FTC slashes weight loss scam scheme

The FTC charged the group Sale Slash for violating the FTC Act and the CAN-SPAM Act. They used spam emails and banner ads to fake news sites that were designed to look like a genuine endorsement. It was also alleged that they used unauthorized celebrity endorsements, such as Oprah Winfrey, and made false claims to promote diet products.

FTC Halts Deceptive Marketing of Bogus Weight-Loss Products | Federal Trade Commission.

The Federal Trade Commission has obtained a court order temporarily halting a Glendale, California, operation that allegedly used millions of illegal spam emails, along with false weight-loss claims and fake, unauthorized endorsements from celebrities like Oprah Winfrey, to market its unproven diet pills.

The court order halts the defendants’ illegal conduct, freezes their assets, and appoints a temporary receiver over the corporate defendants. The Commission ultimately is seeking to recover money from the defendants that would be used to provide refunds to consumers who bought the defendants’ diet pills.

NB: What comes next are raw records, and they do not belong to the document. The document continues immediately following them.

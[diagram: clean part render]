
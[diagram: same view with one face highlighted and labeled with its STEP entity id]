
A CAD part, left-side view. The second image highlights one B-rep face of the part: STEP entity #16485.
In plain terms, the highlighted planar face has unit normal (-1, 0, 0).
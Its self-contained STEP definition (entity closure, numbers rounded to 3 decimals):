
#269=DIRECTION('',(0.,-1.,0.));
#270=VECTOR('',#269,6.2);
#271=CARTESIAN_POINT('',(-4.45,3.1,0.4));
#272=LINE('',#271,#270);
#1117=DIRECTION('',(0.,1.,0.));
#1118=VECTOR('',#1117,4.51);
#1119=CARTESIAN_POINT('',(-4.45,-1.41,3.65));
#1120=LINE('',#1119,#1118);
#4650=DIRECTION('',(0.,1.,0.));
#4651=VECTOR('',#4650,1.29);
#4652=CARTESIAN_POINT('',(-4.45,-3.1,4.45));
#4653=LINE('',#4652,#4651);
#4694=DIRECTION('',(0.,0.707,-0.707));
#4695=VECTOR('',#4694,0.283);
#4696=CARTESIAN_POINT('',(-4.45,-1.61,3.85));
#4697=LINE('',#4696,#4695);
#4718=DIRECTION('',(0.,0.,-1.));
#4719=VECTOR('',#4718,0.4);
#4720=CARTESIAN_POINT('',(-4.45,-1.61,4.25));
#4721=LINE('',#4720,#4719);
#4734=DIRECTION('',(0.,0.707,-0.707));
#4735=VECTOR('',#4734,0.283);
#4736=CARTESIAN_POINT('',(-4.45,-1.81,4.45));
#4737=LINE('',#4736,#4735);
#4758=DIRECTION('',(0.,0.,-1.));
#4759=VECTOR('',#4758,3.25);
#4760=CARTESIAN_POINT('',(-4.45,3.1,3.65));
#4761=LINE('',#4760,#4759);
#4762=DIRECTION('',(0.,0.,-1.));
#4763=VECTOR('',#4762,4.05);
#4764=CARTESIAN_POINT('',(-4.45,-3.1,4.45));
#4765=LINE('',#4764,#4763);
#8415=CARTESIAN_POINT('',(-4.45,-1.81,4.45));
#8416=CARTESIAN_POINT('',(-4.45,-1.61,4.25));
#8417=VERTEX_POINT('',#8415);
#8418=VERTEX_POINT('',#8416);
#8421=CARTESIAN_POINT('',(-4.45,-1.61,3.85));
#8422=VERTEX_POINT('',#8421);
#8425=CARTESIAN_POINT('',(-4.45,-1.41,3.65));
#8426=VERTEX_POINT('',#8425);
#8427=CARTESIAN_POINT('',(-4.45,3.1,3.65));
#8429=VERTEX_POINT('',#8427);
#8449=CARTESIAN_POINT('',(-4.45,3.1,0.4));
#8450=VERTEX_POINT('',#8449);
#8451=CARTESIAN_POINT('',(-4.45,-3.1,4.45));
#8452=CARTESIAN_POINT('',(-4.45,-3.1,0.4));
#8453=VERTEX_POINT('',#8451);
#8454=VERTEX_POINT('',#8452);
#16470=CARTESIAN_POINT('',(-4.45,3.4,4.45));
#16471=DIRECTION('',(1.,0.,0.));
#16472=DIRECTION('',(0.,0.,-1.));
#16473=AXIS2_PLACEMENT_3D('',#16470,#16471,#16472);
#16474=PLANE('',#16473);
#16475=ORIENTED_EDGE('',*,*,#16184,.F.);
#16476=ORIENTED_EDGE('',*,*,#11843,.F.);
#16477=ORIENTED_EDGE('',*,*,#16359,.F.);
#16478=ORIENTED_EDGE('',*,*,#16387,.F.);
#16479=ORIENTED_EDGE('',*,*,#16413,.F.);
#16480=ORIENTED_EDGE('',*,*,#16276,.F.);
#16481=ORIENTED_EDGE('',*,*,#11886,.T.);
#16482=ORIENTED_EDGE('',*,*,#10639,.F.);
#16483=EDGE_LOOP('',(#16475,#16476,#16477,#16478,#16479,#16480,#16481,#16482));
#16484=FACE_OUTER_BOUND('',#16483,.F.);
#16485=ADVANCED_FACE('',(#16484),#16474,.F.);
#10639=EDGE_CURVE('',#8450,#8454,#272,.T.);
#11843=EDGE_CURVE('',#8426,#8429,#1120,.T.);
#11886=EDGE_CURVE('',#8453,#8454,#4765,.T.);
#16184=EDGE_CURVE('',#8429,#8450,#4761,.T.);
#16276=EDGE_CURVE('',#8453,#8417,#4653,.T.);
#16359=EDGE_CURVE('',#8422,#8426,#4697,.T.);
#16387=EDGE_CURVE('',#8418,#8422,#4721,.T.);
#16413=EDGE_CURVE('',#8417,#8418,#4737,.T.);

“Sale Slash is a fraud trifecta,” said Jessica Rich, Director of the FTC’s Bureau of Consumer Protection. “The company made outlandish weight-loss claims for its diet pills using fake news sites, phony celebrity endorsements, and millions of unwanted spam emails.”

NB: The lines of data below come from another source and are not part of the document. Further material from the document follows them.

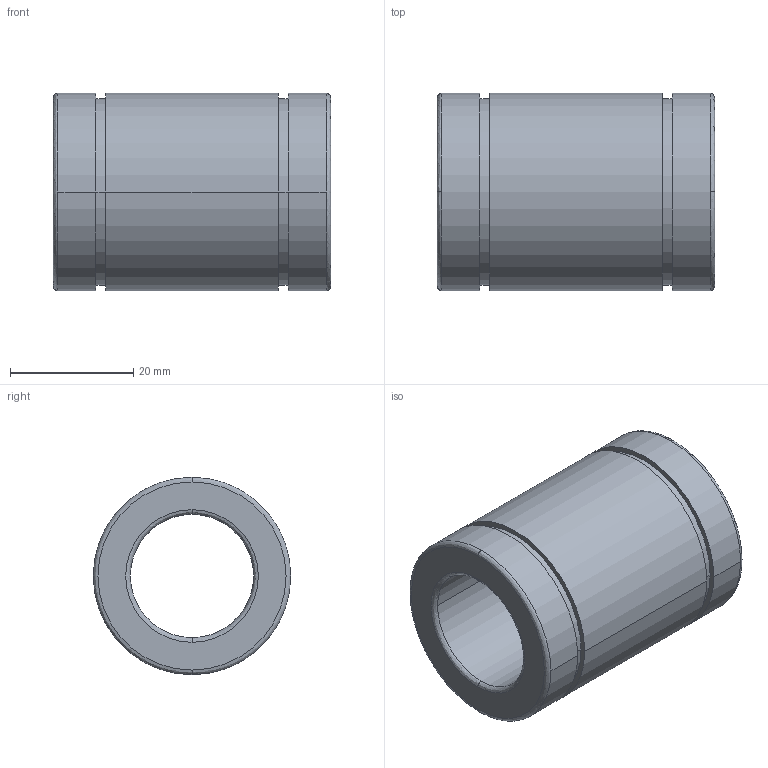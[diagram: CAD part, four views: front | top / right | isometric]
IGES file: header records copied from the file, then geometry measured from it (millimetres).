
Start section: Data from XPlus IGES,  Spatial Corp. Copyright (c) 1999-2004
Global section: file name: sse_m20.igs; native system:  By Spatial Corp.; preprocessor: XPlus ACIS/IGES 3.0; author: Noname; organization: Noname; date: 20080410.091923; units: millimetre
Bounding box: 45 x 32 x 32 mm (x, y, z)
Surface area: 8542 mm2 (no closed solid volume)
Topology: 0 solids, 0 shells, 26 faces, 128 edges, 128 vertices
Faces by surface type: revolution 20, extrusion 6
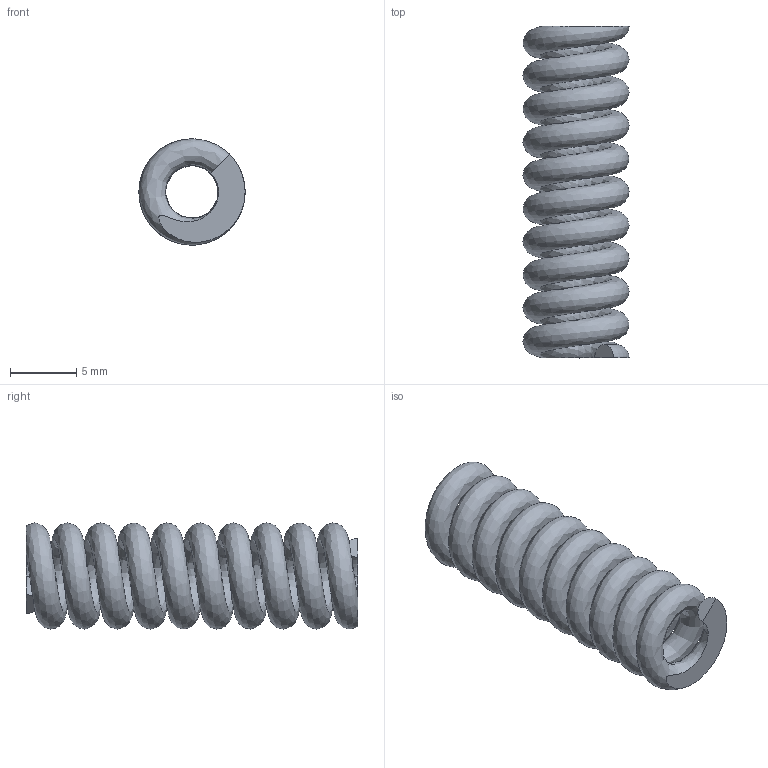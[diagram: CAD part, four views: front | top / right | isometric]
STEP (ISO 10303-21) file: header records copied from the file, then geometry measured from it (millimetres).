
FILE_DESCRIPTION(/* description */ ('','CAx-IF Rec.Pracs.---Representation and Presentation of Product Manufacturing Information (PMI)---4.0---2014-10-13'),/* implementation_level */ '2;1');
FILE_NAME(/* name */ 'BedSpring_20mm v1 v3.step',/* time_stamp */ '2025-03-17T20:25:27+11:00',/* author */ (''),/* organization */ (''),/* preprocessor_version */ 'ST-DEVELOPER v20',/* originating_system */ 'Autodesk Translation Framework v13.20.0.188',/* authorisation */ '');
FILE_SCHEMA (('AP242_MANAGED_MODEL_BASED_3D_ENGINEERING_MIM_LF { 1 0 10303 442 1 1 4 }'));
Length unit declared in the file: millimetre
Products named in the file (1): BedSpring_20mm v1
Bounding box: 8 x 25 x 8 mm (x, y, z)
Volume: 589.3 mm3; surface area: 1210.1 mm2
Topology: 1 solids, 1 shells, 7 faces, 13 edges, 8 vertices
Faces by surface type: plane 4, torus 2, bspline 1
Entity records: 1702 total; most frequent: CARTESIAN_POINT 1528, DIRECTION 32, ORIENTED_EDGE 26, AXIS2_PLACEMENT_3D 15, EDGE_CURVE 13, CIRCLE 8, VERTEX_POINT 8, FACE_OUTER_BOUND 7

We’ve all seen these ads that look like news reports or genuine endorsement. “1 Tip for a tiny belly,” “Cut down on a bit of your belly every day following this 1 old weird tip,” and “Garcinia Cambogia Exposed – Miracle Diet or Scam?” They are ubiquitous on web sites and they are advertisements, not valid info.

Even Dr. Oz gets pissed about those who use his name (even though he’s endorsed these compounds on his show.) The weight loss supplements that were allegedly advertised illegally by Sale Slash include Premium Green Coffee, Pure Garcinia Cambogia, Premium White Kidney Bean Extract, Pure Forskolin Extract, and Pure Caralluma Fimbriata Extract. Pure? More like pure nonsense. None of these products have been shown to be safe, effective weight loss supplements in controlled tests, they are not recommended by (non-celebrity) doctors, and how do we know they are “pure”? They aren’t under regulations to be regularly tested.

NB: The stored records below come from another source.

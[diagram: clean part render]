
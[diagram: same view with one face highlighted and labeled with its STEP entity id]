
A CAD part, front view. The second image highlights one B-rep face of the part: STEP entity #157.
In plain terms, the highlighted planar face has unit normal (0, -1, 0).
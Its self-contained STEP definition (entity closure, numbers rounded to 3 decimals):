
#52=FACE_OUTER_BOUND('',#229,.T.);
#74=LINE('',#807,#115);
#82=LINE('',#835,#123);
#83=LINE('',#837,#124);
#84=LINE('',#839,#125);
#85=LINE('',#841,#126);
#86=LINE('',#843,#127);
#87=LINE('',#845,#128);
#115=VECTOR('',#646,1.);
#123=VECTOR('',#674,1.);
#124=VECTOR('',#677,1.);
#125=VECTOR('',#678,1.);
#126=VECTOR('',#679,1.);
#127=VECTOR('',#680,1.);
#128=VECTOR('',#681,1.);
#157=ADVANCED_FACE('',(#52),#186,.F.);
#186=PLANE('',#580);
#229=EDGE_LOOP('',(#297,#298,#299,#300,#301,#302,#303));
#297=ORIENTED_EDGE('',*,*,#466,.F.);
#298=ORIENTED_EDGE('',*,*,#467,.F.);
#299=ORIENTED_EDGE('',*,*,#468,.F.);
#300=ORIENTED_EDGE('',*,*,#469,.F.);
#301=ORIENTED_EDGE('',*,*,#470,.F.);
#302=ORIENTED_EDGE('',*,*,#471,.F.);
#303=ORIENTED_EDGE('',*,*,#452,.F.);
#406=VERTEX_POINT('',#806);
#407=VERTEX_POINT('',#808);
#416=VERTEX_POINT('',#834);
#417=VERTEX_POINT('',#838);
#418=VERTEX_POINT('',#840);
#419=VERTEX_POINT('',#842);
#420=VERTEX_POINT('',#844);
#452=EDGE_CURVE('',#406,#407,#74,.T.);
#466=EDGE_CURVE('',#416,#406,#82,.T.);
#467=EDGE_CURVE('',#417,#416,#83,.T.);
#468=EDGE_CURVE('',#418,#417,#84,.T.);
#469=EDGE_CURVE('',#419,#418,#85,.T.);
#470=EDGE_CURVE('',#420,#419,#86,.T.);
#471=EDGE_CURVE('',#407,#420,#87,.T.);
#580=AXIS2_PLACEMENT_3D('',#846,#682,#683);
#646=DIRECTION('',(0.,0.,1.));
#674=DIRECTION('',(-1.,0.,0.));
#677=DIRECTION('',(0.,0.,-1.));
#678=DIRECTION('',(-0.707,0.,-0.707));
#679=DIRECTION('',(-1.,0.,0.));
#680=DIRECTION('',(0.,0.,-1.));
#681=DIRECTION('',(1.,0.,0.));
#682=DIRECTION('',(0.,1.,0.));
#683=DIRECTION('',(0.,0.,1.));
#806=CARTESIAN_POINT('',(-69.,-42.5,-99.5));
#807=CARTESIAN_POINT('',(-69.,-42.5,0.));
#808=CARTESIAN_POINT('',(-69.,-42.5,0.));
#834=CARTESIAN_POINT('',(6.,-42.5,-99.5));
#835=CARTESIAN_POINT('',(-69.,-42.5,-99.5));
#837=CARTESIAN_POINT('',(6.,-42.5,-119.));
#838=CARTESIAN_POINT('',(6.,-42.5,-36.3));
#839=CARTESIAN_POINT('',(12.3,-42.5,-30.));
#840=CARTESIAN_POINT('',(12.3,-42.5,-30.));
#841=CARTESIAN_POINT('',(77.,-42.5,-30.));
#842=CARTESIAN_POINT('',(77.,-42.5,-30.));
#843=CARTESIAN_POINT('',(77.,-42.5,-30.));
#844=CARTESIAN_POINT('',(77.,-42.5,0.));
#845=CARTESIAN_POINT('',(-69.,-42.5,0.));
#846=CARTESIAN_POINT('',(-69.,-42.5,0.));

The other scammy tactic included using stolen email lists to send the users messages that looked like they came from a known contact.

The FTC is looking to recoup some money to refund consumers. Good! But, hey, consumers, get wise –  there is no quick diet trick.

And maybe use a browser ad blocker.

The Consumerist site took a screen shot of the questionable ads. It’s obvious that some readers may miss the clues that these are made to look like news reports.
consumerist fake diet ads

  3 comments for “FTC slashes weight loss scam scheme

  1. Rook
    May 5, 2015 at 10:38 AM

    One should be highly suspicious of any info that arrives in the form of spam email, be it diet pills, hot stock tips, business offers, or whatever. I rarely ever bother researching the legimacy or accuracy of spam content that shows up in my inbox.

  2. May 5, 2015 at 12:44 PM

    You would think that people would know that by now but there is a ridiculous number of people who haven’t learned that lesson yet. They also buy a lot of scratch-off lottery tickets.

  3. ChristineRose
    May 5, 2015 at 1:13 PM

    One rarely understood fact is that most 21st century spammers are not making any money. They are buying a “business startup kit” and a “customized website” and a “payment processing service” and an “e-mail contact list” and their income will never equal those expenses. The hot stock tip guys are hoping to appeal to other potential stock cheaters. All imagine that they will get out of the stock before just before all those non-existent suckers who actually thought the stock was worth something. Ironically the 411 guys may the smartest of the lot. They make their pitches crazy so as to weed out all but the most vulnerable.